在用keras-tf backend做语音识别网络时,采用MFCC特征值输入,LSTM网络和ctc loss function,出现了以下错误:
2018-07-02 11:32:45.861523: W tensorflow/core/framework/op_kernel.cc:1318] OP_REQUIRES failed at ctc_loss_op.cc:166 : Invalid argument: Saw a non-null label (index >= num_classes- 1) following a null label, batch: 4 num_classes: 29 labels:
Traceback (most recent call last):
File "/media/chutz/000206BE0003636E/ASRT_SpeechRecognition/train_mspeech.py", line 47, in
ms.TrainModel(datapath, epoch = 50, batch_size = 8, save_step = 1000, filename= modelpath)

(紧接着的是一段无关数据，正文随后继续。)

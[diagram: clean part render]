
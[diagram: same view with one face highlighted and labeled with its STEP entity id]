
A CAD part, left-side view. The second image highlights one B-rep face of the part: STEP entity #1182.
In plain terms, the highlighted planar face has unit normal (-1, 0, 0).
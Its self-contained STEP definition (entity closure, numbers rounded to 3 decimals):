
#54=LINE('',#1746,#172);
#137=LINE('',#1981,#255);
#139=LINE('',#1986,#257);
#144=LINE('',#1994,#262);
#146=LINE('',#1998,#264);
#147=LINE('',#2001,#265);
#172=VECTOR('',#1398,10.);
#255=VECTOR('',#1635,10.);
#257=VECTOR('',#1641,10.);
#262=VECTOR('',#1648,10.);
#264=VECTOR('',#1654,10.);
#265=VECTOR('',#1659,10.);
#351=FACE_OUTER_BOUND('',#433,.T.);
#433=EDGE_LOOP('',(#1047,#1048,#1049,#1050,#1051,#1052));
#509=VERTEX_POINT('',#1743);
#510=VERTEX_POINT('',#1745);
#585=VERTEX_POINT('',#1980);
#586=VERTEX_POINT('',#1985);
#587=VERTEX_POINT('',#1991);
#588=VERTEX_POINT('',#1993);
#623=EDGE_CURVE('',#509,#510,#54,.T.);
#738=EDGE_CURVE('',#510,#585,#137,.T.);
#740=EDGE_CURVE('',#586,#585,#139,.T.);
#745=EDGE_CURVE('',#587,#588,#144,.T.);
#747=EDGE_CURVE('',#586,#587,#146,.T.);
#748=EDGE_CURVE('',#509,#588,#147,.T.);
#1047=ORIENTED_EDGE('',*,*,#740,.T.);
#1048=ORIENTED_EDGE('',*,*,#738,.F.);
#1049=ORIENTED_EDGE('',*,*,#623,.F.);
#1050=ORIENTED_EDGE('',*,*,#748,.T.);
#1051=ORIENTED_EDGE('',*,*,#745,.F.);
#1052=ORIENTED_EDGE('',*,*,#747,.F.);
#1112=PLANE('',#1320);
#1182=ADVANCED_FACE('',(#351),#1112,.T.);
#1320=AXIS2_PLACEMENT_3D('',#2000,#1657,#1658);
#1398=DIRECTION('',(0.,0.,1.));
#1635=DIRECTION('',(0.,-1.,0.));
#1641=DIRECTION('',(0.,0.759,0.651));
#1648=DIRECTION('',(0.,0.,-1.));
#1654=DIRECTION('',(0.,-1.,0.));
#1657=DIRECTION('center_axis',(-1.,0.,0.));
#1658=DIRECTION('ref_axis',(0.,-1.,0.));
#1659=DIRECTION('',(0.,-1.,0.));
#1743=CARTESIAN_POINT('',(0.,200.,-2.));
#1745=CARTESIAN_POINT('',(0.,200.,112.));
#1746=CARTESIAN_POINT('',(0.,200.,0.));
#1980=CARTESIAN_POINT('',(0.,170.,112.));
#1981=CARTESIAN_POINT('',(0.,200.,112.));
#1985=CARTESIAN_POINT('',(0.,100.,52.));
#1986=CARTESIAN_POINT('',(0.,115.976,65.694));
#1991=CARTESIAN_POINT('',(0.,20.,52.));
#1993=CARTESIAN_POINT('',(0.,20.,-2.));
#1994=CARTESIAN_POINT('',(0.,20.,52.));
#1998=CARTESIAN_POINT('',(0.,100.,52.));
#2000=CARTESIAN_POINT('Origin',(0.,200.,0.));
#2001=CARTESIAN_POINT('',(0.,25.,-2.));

File "/media/chutz/000206BE0003636E/ASRT_SpeechRecognition/SpeechModel25.py", line 215, in TrainModel
#self._model.fit_generator(yielddatas, save_step, nb_worker=2)

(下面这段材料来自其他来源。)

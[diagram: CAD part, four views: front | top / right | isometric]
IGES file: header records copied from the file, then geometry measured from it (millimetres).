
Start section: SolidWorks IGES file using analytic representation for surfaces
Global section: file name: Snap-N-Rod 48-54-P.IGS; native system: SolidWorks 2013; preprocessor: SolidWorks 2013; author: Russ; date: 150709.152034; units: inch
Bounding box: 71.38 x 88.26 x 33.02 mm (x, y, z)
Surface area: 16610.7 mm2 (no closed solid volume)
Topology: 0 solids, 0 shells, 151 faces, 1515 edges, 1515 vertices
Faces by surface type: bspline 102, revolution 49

File "/home/chutz/anaconda3/lib/python3.5/site-packages/keras/legacy/interfaces.py", line 91, in wrapper
return func(*args, **kwargs)
File "/home/chutz/anaconda3/lib/python3.5/site-packages/keras/engine/training.py", line 2230, in fit_generator
class_weight=class_weight)
File "/home/chutz/anaconda3/lib/python3.5/site-packages/keras/engine/training.py", line 1883, in train_on_batch
outputs = self.train_function(ins)
File "/home/chutz/anaconda3/lib/python3.5/site-packages/keras/backend/tensorflow_backend.py", line 2482, in __call__
**self.session_kwargs)
File "/home/chutz/anaconda3/lib/python3.5/site-packages/tensorflow/python/client/session.py", line 900, in run
run_metadata_ptr)
File "/home/chutz/anaconda3/lib/python3.5/site-packages/tensorflow/python/client/session.py", line 1135, in _run
feed_dict_tensor, options, run_metadata)
File "/home/chutz/anaconda3/lib/python3.5/site-packages/tensorflow/python/client/session.py", line 1316, in _do_run
run_metadata)
File "/home/chutz/anaconda3/lib/python3.5/site-packages/tensorflow/python/client/session.py", line 1335, in _do_call
raise type(e)(node_def, op, message)
tensorflow.python.framework.errors_impl.InvalidArgumentError: Saw a non-null label (index >= num_classes - 1) following a null label, batch: 4 num_classes: 29 labels:
[[Node: ctc/CTCLoss = CTCLoss[_class=["loc:@training/SGD/gradients/ctc/CTCLoss_grad/mul"], ctc_merge_repeated=true, ignore_longer_outputs_than_inputs=false, preprocess_collapse_repeated=false, _device="/job:localhost/replica:0/task:0/device:CPU:0"](ctc/Log/_123, ctc/ToInt64/_125, ctc/GatherNd, ctc/Squeeze_1/_127)]]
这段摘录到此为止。